Relaxo Footwears Ltd is Rated Strong Sell

Current Rating and Its Significance

The Strong Sell rating assigned to Relaxo Footwears Ltd indicates a cautious stance for investors, signalling that the stock is expected to underperform relative to the broader market and its sector peers. This recommendation is based on a detailed evaluation of four key parameters: Quality, Valuation, Financial Trend, and Technicals. Each of these factors contributes to the overall assessment, guiding investors on the potential risks and challenges facing the company.

Quality Assessment

As of 05 February 2026, Relaxo Footwears exhibits an average quality grade. This reflects moderate operational efficiency and business fundamentals but highlights concerns over the company’s growth trajectory. Over the past five years, operating profit has declined at an annualised rate of -8.46%, signalling persistent challenges in expanding profitability. Additionally, the latest quarterly results for December 2025 reveal a 19.6% fall in PAT (Profit After Tax) to ₹26.54 crores, underscoring ongoing pressure on earnings.

Valuation Considerations

The stock is currently rated as very expensive based on valuation metrics. Relaxo Footwears trades at a Price to Book (P/B) ratio of 4.4, which is significantly higher than the average valuations of its footwear sector peers. This premium valuation is not supported by commensurate earnings growth or return metrics. The company’s Return on Equity (ROE) stands at a modest 8%, which does not justify the elevated price multiples. Investors should be wary of paying a premium for a stock with declining profitability and subdued growth prospects.

Financial Trend Analysis

The financial trend for Relaxo Footwears is currently negative. The latest half-year data shows cash and cash equivalents at a low ₹25.22 crores, indicating constrained liquidity. Furthermore, PBDIT (Profit Before Depreciation, Interest, and Taxes) for the recent quarter is at a five-quarter low of ₹69.39 crores. These figures suggest weakening operational cash flows and profitability pressures. Over the past year, the stock has delivered a negative return of approximately -30.04%, while profits have declined by -4.4%, reinforcing the deteriorating financial health.

Technical Outlook

From a technical perspective, the stock is rated as mildly bearish. Recent price movements show a 1-day decline of -0.36%, with a 1-month drop of -7.88% and a 3-month decline of -13.56%. The downward momentum is consistent with the broader negative sentiment surrounding the stock. The technical indicators suggest limited near-term upside, and investors should exercise caution given the prevailing bearish trend.

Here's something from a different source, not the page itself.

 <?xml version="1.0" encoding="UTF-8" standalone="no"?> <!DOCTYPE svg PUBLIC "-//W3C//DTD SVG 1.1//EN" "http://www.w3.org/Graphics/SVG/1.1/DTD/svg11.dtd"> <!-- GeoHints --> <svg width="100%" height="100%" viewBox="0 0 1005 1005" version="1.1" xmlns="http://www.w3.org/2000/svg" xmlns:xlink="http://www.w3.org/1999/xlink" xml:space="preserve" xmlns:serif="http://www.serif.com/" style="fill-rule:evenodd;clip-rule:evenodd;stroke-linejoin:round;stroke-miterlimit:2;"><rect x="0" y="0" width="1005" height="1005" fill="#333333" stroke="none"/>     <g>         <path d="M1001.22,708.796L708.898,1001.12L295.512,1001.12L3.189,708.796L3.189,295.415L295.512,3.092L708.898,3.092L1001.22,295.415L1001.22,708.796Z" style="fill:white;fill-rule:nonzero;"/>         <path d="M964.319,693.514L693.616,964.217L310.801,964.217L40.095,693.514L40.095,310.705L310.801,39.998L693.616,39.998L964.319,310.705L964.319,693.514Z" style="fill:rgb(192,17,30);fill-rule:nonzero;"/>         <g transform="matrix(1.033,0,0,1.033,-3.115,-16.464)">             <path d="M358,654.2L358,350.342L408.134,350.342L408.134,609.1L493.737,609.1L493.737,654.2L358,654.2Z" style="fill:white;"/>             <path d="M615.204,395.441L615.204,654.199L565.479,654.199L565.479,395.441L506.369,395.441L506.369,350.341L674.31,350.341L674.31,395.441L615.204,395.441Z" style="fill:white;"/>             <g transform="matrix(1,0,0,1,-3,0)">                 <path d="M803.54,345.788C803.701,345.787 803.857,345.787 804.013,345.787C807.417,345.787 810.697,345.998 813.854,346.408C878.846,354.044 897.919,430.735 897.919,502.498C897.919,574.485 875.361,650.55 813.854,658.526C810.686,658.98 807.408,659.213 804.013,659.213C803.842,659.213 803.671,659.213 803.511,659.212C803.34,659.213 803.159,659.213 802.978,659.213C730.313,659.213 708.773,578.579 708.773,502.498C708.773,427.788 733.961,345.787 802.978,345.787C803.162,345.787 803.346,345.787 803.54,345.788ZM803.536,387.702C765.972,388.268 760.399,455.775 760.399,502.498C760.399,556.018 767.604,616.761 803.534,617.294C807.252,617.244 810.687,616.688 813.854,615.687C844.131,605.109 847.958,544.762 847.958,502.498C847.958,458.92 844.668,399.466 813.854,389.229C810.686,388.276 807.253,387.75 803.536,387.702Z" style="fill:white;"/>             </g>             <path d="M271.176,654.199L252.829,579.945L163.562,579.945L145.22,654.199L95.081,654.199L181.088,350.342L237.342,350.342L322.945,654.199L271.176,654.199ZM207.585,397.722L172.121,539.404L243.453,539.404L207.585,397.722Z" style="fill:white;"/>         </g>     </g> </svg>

Summary of Current Performance

As of 05 February 2026, Relaxo Footwears Ltd is facing multiple headwinds. The combination of average quality, very expensive valuation, negative financial trends, and bearish technical signals underpin the Strong Sell rating. Investors should consider these factors carefully, as the stock’s current profile indicates elevated risk and limited potential for near-term recovery.

Sector and Market Context

Operating within the footwear sector, Relaxo Footwears is classified as a small-cap company. The sector itself has seen mixed performance, with some peers demonstrating stronger growth and more attractive valuations. Compared to these, Relaxo’s premium valuation and declining profitability stand out as key concerns. The stock’s underperformance relative to the sector and broader market benchmarks further emphasises the challenges it faces.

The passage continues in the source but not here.